TASK GOAL
What lines in the material hold the string "opacity"? Return every one of them.

RECORDS SHOWN
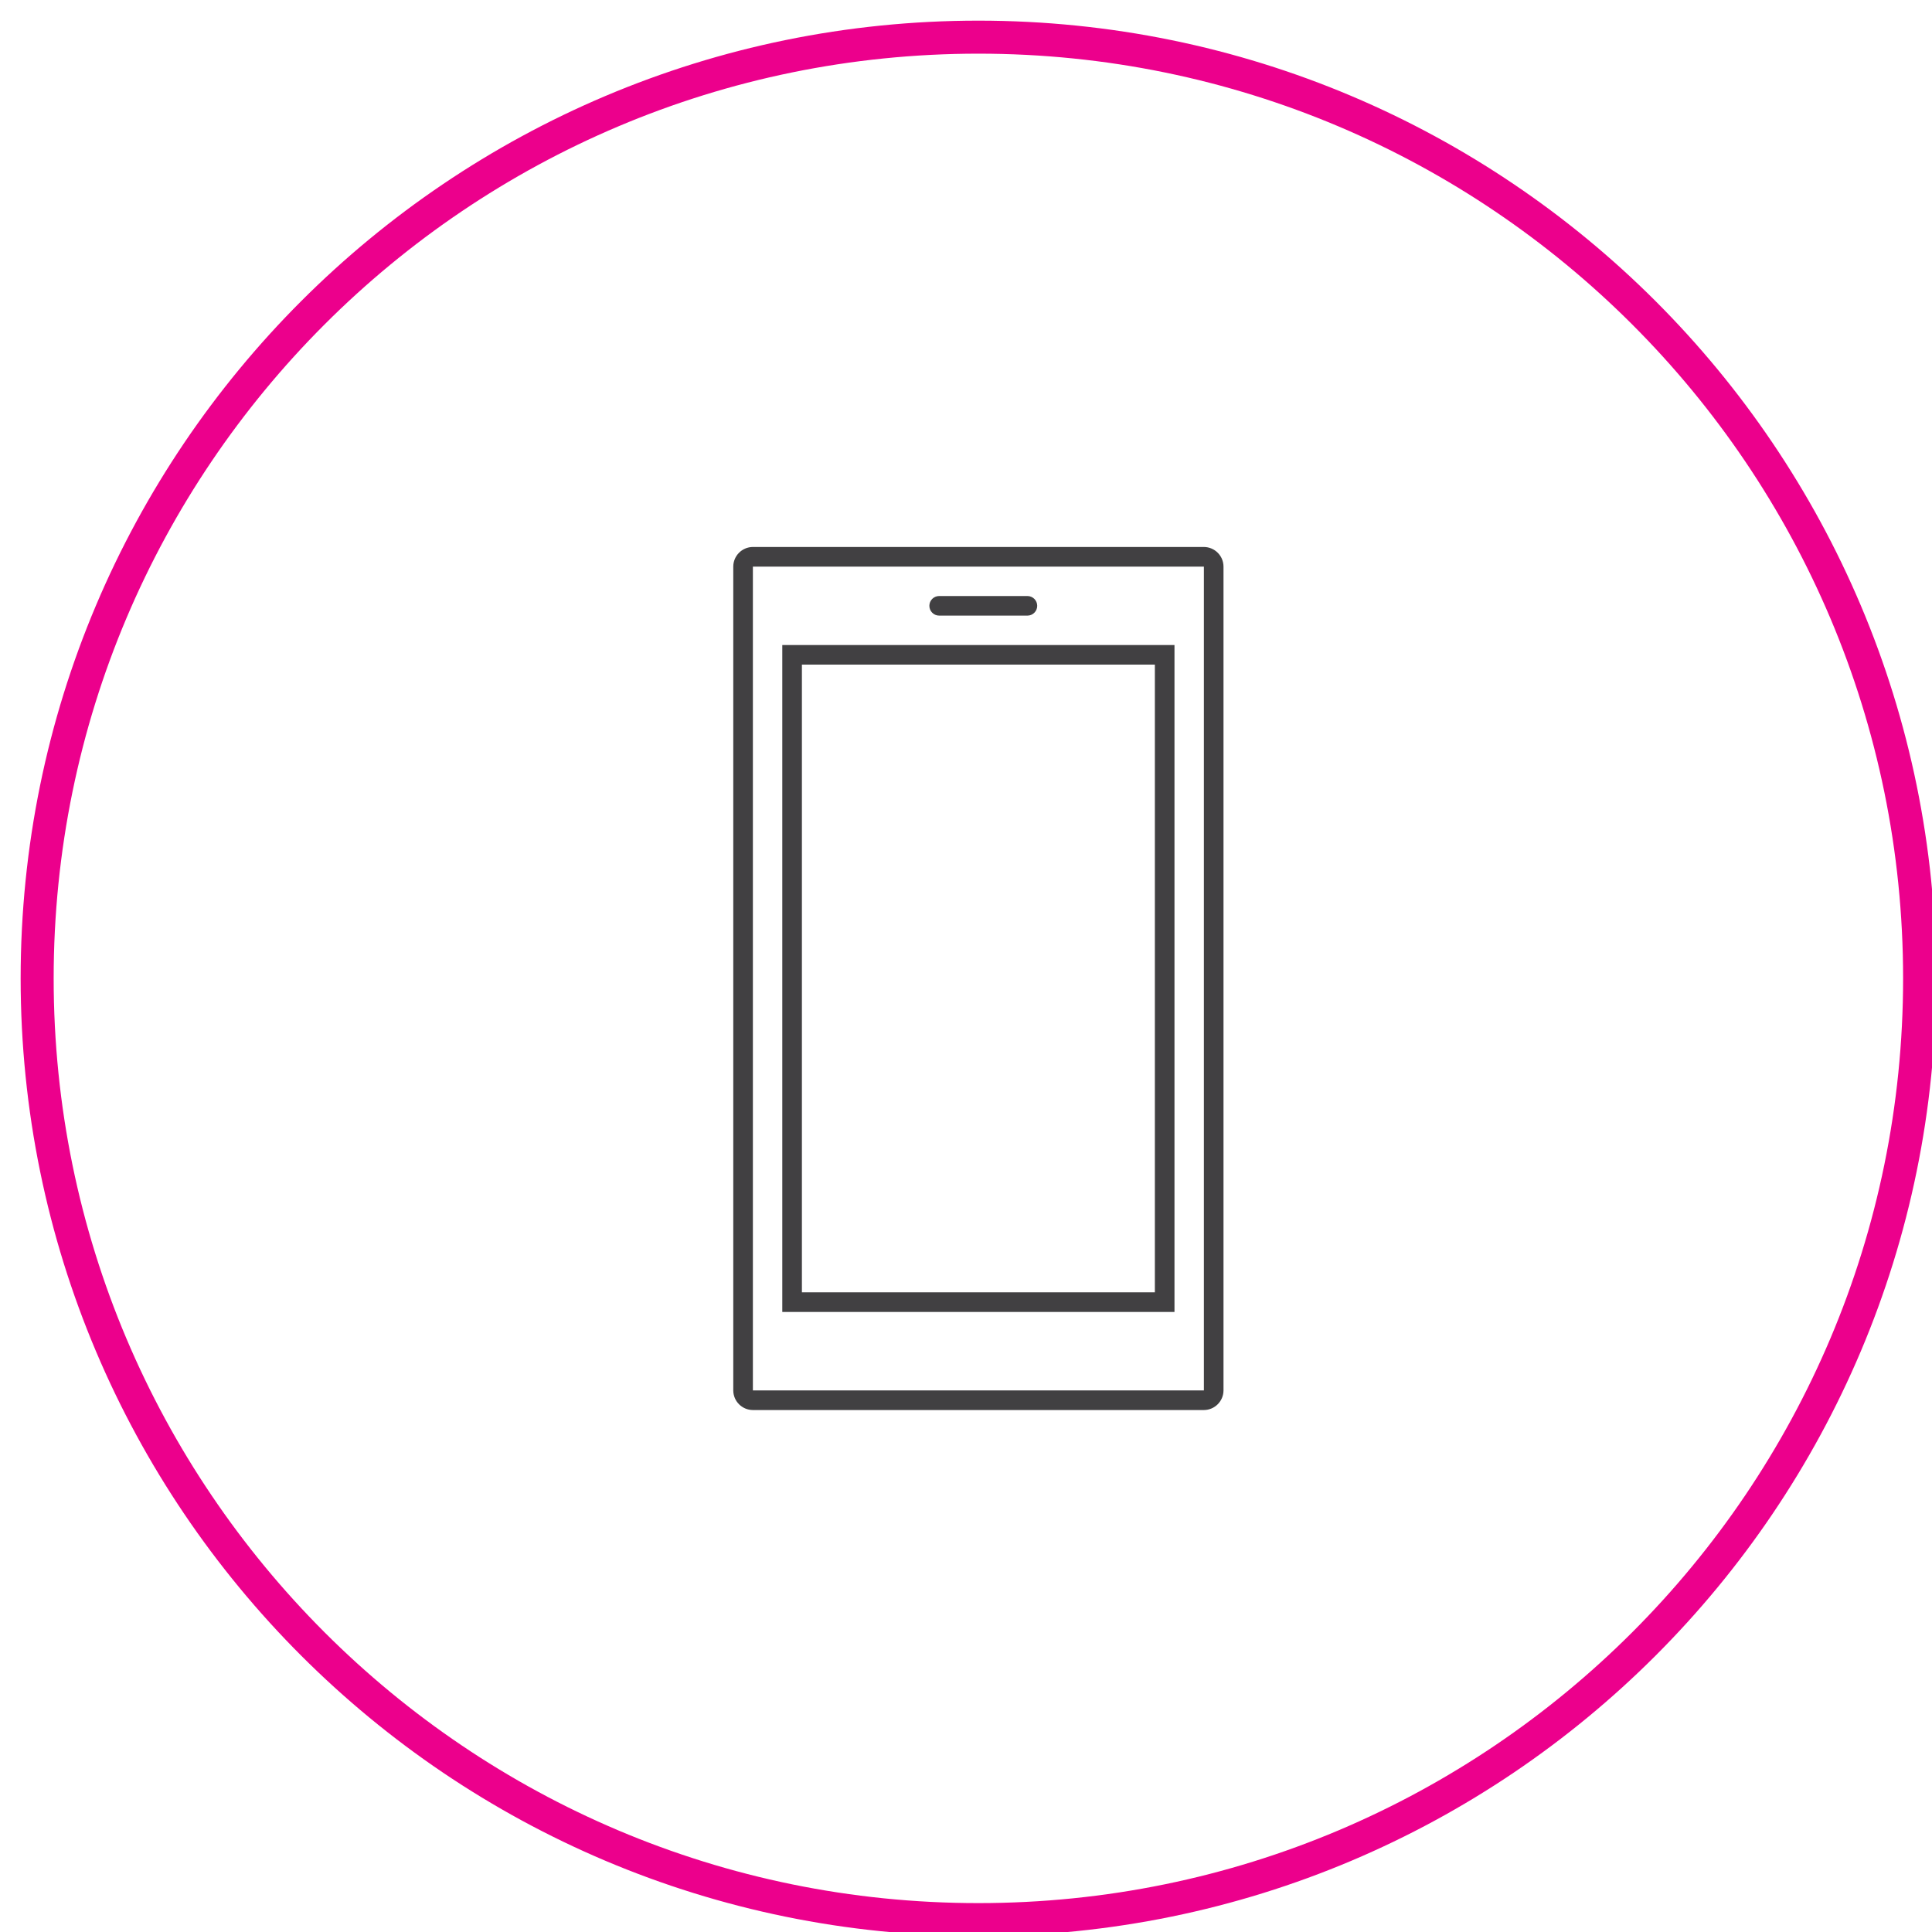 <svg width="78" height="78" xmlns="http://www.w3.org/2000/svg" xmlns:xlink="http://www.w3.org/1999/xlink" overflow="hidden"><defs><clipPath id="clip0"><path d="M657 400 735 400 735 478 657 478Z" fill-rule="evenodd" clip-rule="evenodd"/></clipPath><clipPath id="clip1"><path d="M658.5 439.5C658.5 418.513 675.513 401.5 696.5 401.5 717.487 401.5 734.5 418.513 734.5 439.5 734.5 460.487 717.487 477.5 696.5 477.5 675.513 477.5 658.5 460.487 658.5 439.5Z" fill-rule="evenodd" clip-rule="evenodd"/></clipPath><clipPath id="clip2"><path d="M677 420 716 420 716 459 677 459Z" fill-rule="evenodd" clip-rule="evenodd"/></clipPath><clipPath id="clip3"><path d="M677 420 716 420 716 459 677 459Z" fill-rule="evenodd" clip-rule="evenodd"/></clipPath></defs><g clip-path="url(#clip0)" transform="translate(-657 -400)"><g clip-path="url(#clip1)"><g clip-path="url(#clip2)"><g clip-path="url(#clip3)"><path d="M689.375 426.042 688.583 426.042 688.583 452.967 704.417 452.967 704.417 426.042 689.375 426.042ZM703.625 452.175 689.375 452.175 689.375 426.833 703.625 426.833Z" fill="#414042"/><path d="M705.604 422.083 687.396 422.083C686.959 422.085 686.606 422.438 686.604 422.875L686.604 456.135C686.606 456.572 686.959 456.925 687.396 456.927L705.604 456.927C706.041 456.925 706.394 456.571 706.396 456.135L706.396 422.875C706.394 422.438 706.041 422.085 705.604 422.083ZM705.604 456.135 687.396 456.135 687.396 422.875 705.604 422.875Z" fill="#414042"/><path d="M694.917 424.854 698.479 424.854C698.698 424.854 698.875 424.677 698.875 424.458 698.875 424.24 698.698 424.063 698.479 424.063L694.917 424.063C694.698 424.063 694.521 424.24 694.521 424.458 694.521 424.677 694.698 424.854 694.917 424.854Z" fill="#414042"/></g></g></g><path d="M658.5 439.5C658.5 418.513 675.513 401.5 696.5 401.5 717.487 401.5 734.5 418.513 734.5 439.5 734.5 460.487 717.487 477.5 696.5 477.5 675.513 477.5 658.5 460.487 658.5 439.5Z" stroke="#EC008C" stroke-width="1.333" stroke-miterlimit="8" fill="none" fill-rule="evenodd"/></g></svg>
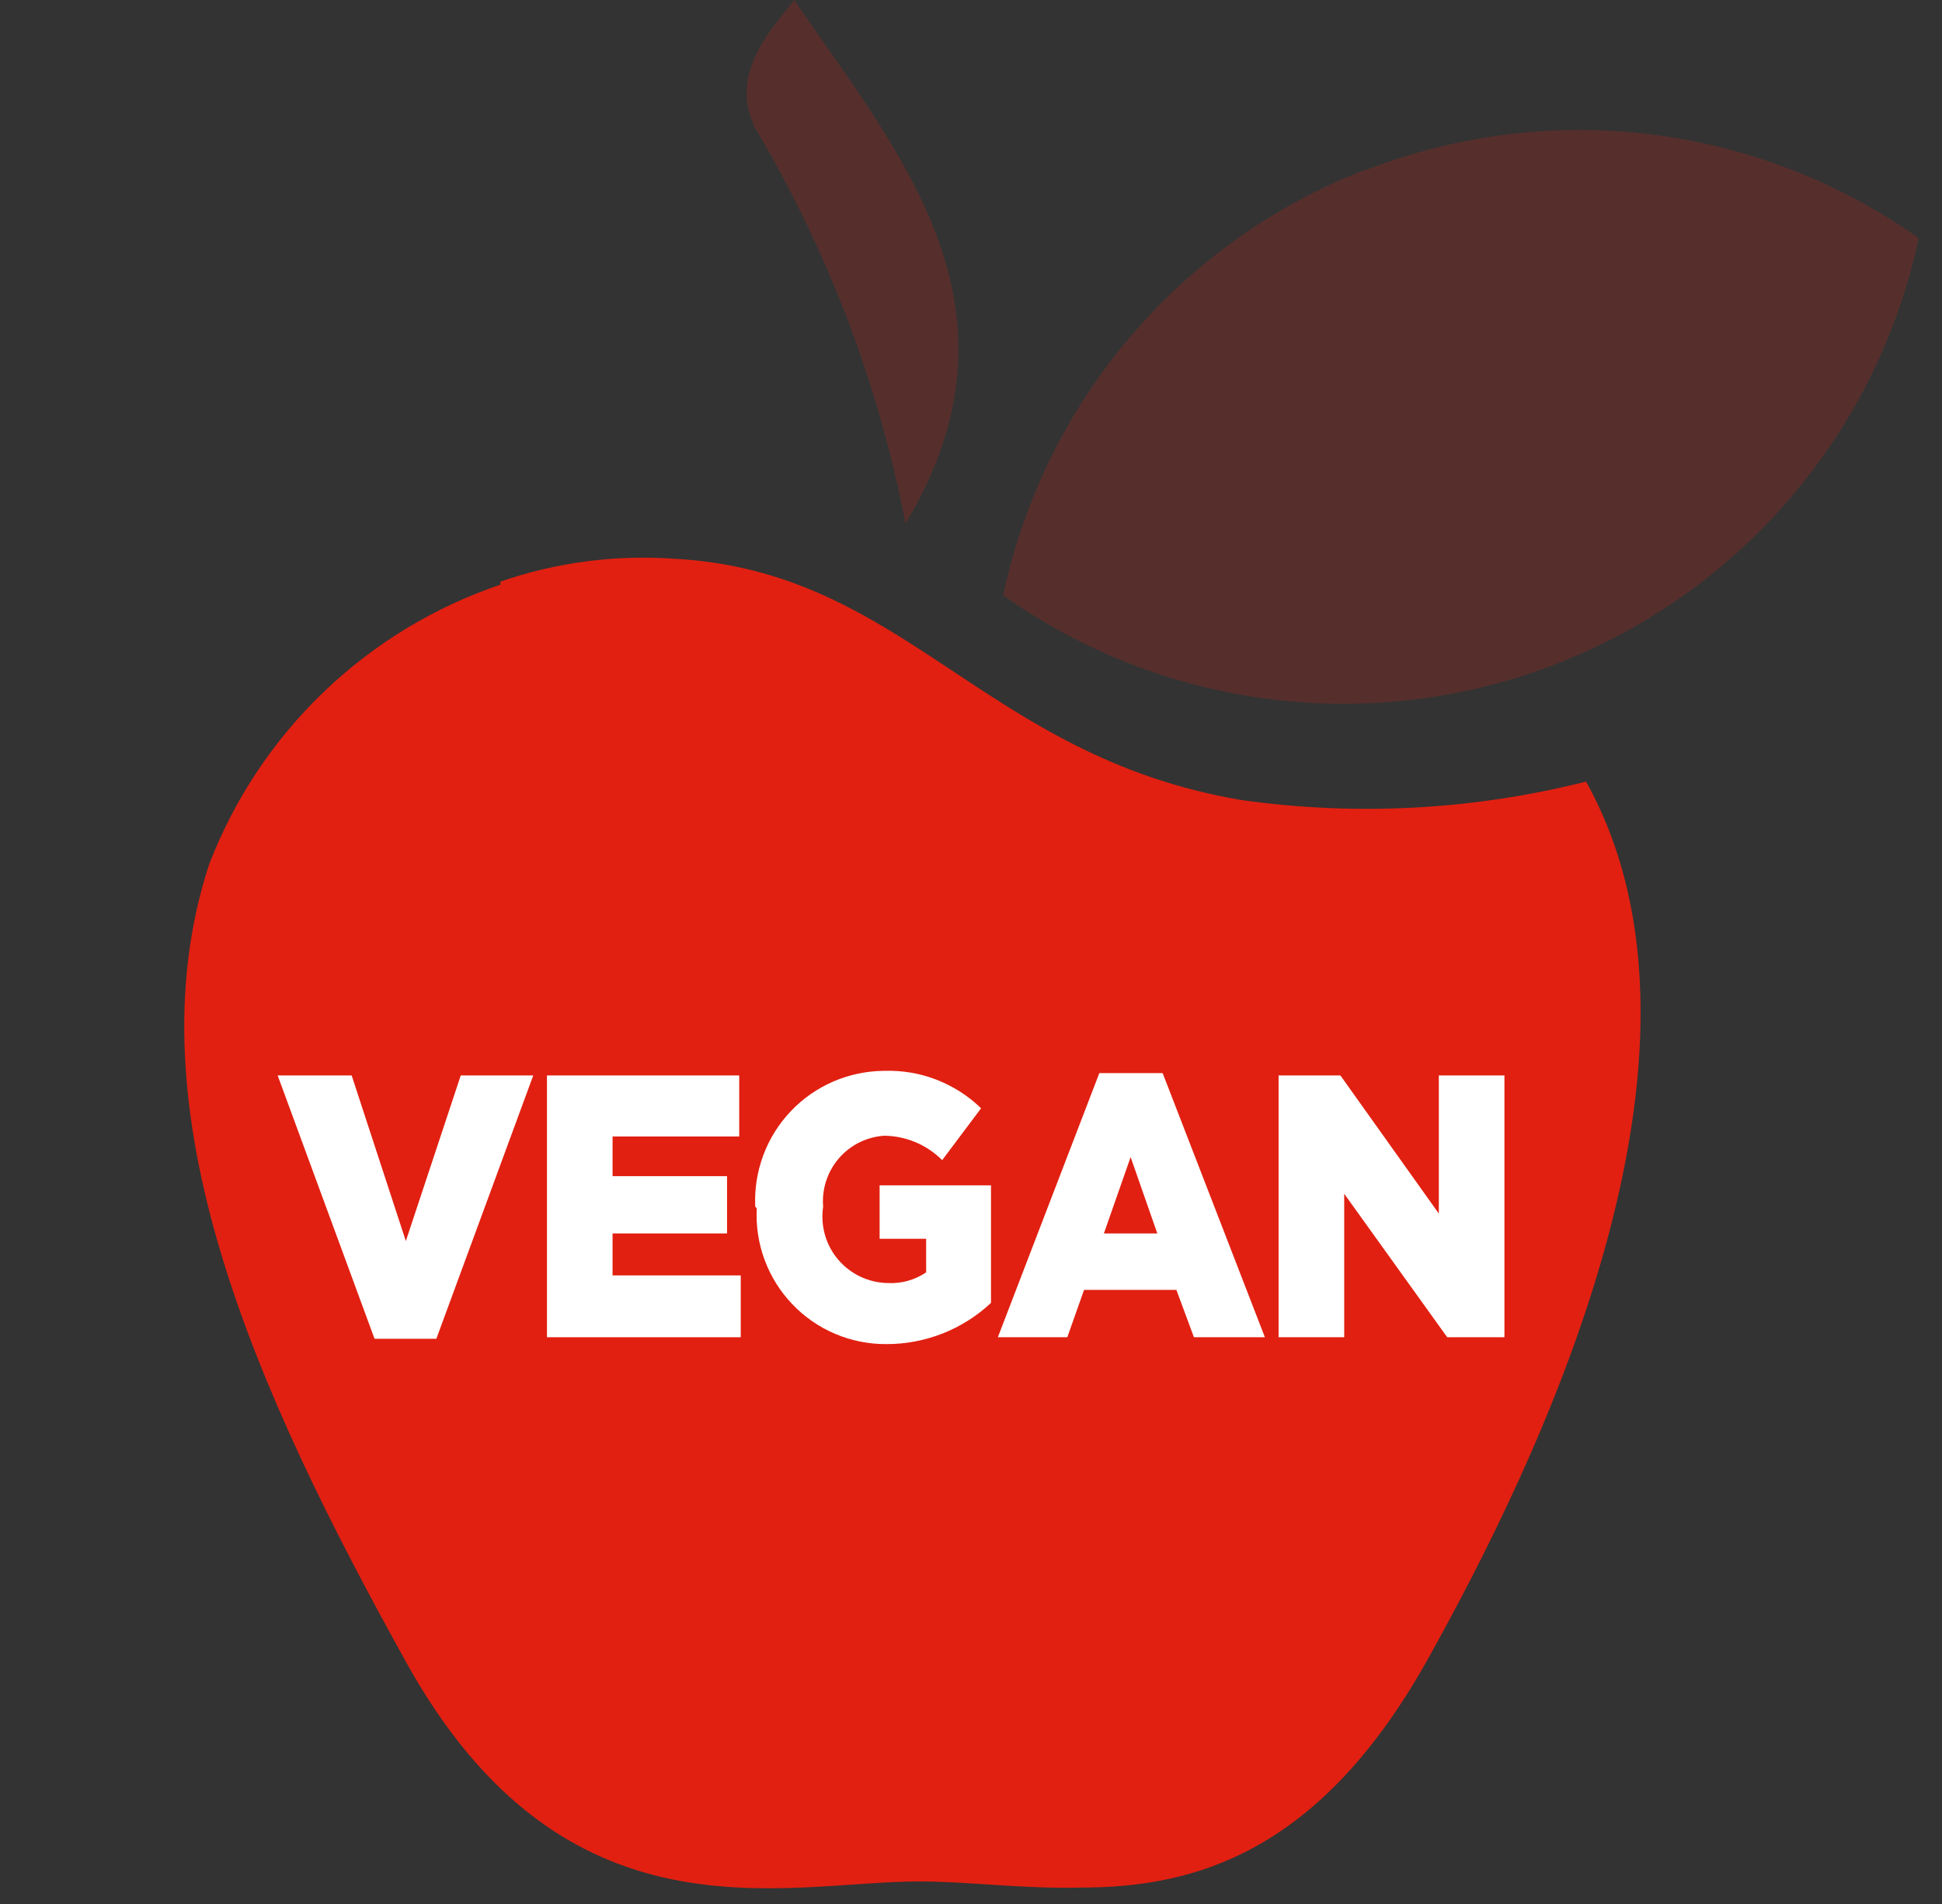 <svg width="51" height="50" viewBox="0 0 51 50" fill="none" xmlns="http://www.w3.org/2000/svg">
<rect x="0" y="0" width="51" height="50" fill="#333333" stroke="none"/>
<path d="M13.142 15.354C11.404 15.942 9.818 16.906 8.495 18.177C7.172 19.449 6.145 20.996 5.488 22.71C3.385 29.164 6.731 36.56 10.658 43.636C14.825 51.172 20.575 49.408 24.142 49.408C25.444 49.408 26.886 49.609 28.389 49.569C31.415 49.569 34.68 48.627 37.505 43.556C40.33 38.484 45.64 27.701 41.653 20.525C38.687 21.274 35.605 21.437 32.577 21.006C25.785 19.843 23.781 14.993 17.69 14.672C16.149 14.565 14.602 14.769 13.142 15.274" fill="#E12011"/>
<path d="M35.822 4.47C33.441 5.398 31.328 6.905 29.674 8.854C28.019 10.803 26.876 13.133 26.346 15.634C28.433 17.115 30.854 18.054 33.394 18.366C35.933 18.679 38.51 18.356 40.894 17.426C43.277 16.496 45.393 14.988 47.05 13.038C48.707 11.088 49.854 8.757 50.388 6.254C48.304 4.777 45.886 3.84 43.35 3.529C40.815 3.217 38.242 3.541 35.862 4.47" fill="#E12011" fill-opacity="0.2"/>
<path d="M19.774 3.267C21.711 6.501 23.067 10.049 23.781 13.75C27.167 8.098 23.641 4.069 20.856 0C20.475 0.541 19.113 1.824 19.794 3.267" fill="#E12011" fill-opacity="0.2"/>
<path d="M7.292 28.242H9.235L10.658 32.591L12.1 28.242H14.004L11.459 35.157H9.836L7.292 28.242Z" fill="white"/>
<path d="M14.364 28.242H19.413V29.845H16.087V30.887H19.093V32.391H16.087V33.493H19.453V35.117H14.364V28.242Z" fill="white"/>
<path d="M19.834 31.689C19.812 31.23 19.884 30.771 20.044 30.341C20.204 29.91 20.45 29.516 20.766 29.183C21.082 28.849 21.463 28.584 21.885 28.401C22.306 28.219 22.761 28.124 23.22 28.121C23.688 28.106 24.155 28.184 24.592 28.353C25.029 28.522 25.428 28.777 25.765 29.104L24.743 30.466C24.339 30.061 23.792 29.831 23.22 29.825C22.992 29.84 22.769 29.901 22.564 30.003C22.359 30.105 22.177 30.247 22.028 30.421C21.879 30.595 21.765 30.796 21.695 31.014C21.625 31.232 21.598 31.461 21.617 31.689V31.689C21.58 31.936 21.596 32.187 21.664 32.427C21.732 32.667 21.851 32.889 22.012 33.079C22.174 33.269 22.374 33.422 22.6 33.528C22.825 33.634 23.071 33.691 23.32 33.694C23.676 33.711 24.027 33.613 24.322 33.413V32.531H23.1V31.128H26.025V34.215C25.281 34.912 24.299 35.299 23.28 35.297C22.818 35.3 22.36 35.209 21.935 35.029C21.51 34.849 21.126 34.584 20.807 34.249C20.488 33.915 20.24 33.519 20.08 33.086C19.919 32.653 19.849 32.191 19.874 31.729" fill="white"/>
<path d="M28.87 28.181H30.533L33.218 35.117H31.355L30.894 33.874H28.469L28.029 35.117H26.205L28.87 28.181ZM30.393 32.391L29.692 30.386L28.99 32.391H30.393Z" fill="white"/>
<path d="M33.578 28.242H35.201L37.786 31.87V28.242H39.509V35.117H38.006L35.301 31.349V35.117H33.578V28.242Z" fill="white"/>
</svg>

WRITTEN ANSWER
<path d="M35.822 4.47C33.441 5.398 31.328 6.905 29.674 8.854C28.019 10.803 26.876 13.133 26.346 15.634C28.433 17.115 30.854 18.054 33.394 18.366C35.933 18.679 38.51 18.356 40.894 17.426C43.277 16.496 45.393 14.988 47.05 13.038C48.707 11.088 49.854 8.757 50.388 6.254C48.304 4.777 45.886 3.84 43.35 3.529C40.815 3.217 38.242 3.541 35.862 4.47" fill="#E12011" fill-opacity="0.2"/>
<path d="M19.774 3.267C21.711 6.501 23.067 10.049 23.781 13.75C27.167 8.098 23.641 4.069 20.856 0C20.475 0.541 19.113 1.824 19.794 3.267" fill="#E12011" fill-opacity="0.2"/>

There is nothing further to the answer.